3.2. Drosophila USP14 Regulates the Degradation of Mutant A1AT Variants

Proteasome aids the ER quality control by degrading misfolded proteins in the ER lumen. To investigate whether Drosophila USP14 degrades ERAD substrates, we examined the effect of USP14 on the degradation of the misfolded alpha 1-antitrypsin variants ATZ and NHK, which are well-known ERAD substrates. However, the two alleles of A1AT show different biochemical characteristics as NHK activates xbp1 mRNA splicing while ATZ variants do not activate UPR [10,23].
The expression of NHK increased in response to USP14 overexpression in Drosophila S2 cells (Figure 2A). However, the overexpression of Drosophila USP14 did not affect the expression of ATZ variants in Drosophila S2 cells. These findings indicate that Drosophila USP14 is not involved in the degradation of misfolded ATZ variants. In addition, we downregulated the expression of USP14 in Drosophila S2 cells using dsRNA against USP14; NHK degradation was accelerated upon USP14 knockdown.
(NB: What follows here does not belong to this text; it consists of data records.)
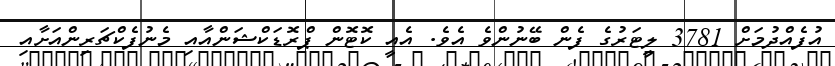
އުފެއްދުމަށް 3781 ލީޓަރުގެ ފެން ބޭނުންވެ އެވެ. އެއީ ކޮޓޮން ޕްރޮޑަކްޝަންއާއި މެނުފެކްޗަރިންއަށާއި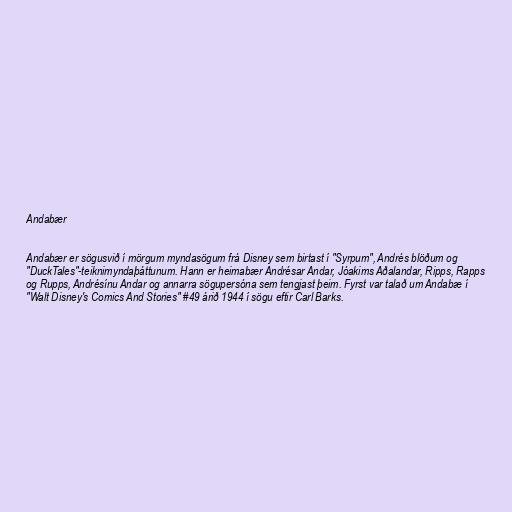
Andabær

Andabær er sögusvið í mörgum myndasögum frá Disney sem birtast í "Syrpum", Andrés blöðum og
"DuckTales"-teiknimyndaþáttunum. Hann er heimabær Andrésar Andar, Jóakims Aðalandar, Ripps, Rapps
og Rupps, Andrésínu Andar og annarra sögupersóna sem tengjast þeim. Fyrst var talað um Andabæ í
"Walt Disney's Comics And Stories" #49 árið 1944 í sögu eftir Carl Barks.

However, this knockdown did not affect the stability of the ATZ variants (Figure 2B). There were no changes in the mRNA levels of NHK or ATZ in USP14 overexpression or knockdown conditions (Figure 2A,B, RT-PCR). Subsequently, a co-immunoprecipitation assay was performed to test whether USP14 interacts with either the NHK or ATZ variant. As shown in Figure 2C, the interaction between NHK and USP14 was readily detected when NHK and HA-tagged USP14 were co-expressed in Drosophila S2 cells. Consistent with the weak effect of USP14 on the ATZ level, the interaction between ATZ and HA-tagged USP14 was negligible (Figure 2C). Taken together, these findings indicate the substrate specificity of Drosophila USP14 that may regulate protein stability.

3.3. Suppression of Late-Onset Retinal Degeneration by Drosophila USP14 in ninaEG69D/+ Flies

To examine the effects of USP14 on misfolded protein degradation with a relevant disease model associated with ER stress, we used the Drosophila model of ADRP in which a mutant allele of the Rh-1 gene ninaEG69D has caused the age-related retinal degeneration phenotype associated with ER stress [24]. The level of Rh-1 protein is significantly reduced in the flies bearing ninaEG69D, which has a functional significance in retinal degeneration [25]. Similar to previous reports, the average Rh-1 level in heterozygotic flies bearing the ninaEG69D allele was reduced to approximately 20% of that in wild-type flies (Figure 3A,B; comparison of lanes 1 and 3). To determine whether USP14 contributes to this reduction in Rh-1 levels, it was overexpressed in the retina of wild-type or ninaEG69D/+ flies using the Rh-1 driver. Overexpression of Drosophila USP14 in the Drosophila ADRP model flies restored the Rh-1 levels to approximately 34% of the expression in male wild-type flies (Figure 3A,B; lanes 3 and 4). We observed a similar result in female flies (Figure 3A,B; lanes 5‒8). Consistently, we observed that the level of mutant Rh-1 (Rh-1G69D) was increased in USP14-overexpressing S2 cells without affecting the mRNA level (Figure 3C). This result indicated that USP14 regulated the stability of Rh-1 in the ADRP model.
To further validate the role of USP14 in age-dependent disease progression, pseudopupil assay was performed. This assay is widely used to examine photoreceptor cell degeneration. The transgenic expression of GFP in the photoreceptors allows us to visualize the pseudopupil under fluorescent light. In male ninaEG69D/+ flies expressing a control protein lacZ, the pseudopupil progressively disappeared beginning on day 20, with only 7% of flies demonstrating an intact pseudopupil on day 44 after eclosion (Figure 3D, blue line). Significantly, the expression of USP14 in the ninaEG69D/+ background resulted in a delayed course of retinal degeneration with approximately 56% of the examined flies (p < 0.01) exhibiting pseudopupil on day 44 (Figure 3C, red line). A similar effect of USP14 on retinal degeneration was evident in female flies (Figure 3E), although the rate of retinal degeneration in females was delayed compared to that in males. In females, nearly 49% of the ninaEG69D/+ flies expressing lacZ lost the deep pseudopupil by day 44. The USP14-expressing ninaEG69D/+ flies demonstrated a delayed course of retinal degeneration with approximately 67% of flies exhibiting intact Rh1>GFP patterns (67.1 ± 4.079%, p < 0.001). We favor the interpretation that USP14 enhances the stability of both mutant Rh-1 and wild-type Rh-1, which helps traffic these proteins to rhabdomeres that harbor light-sensing organelles, which are equivalent to the outer segments of mammalian rod cells [26].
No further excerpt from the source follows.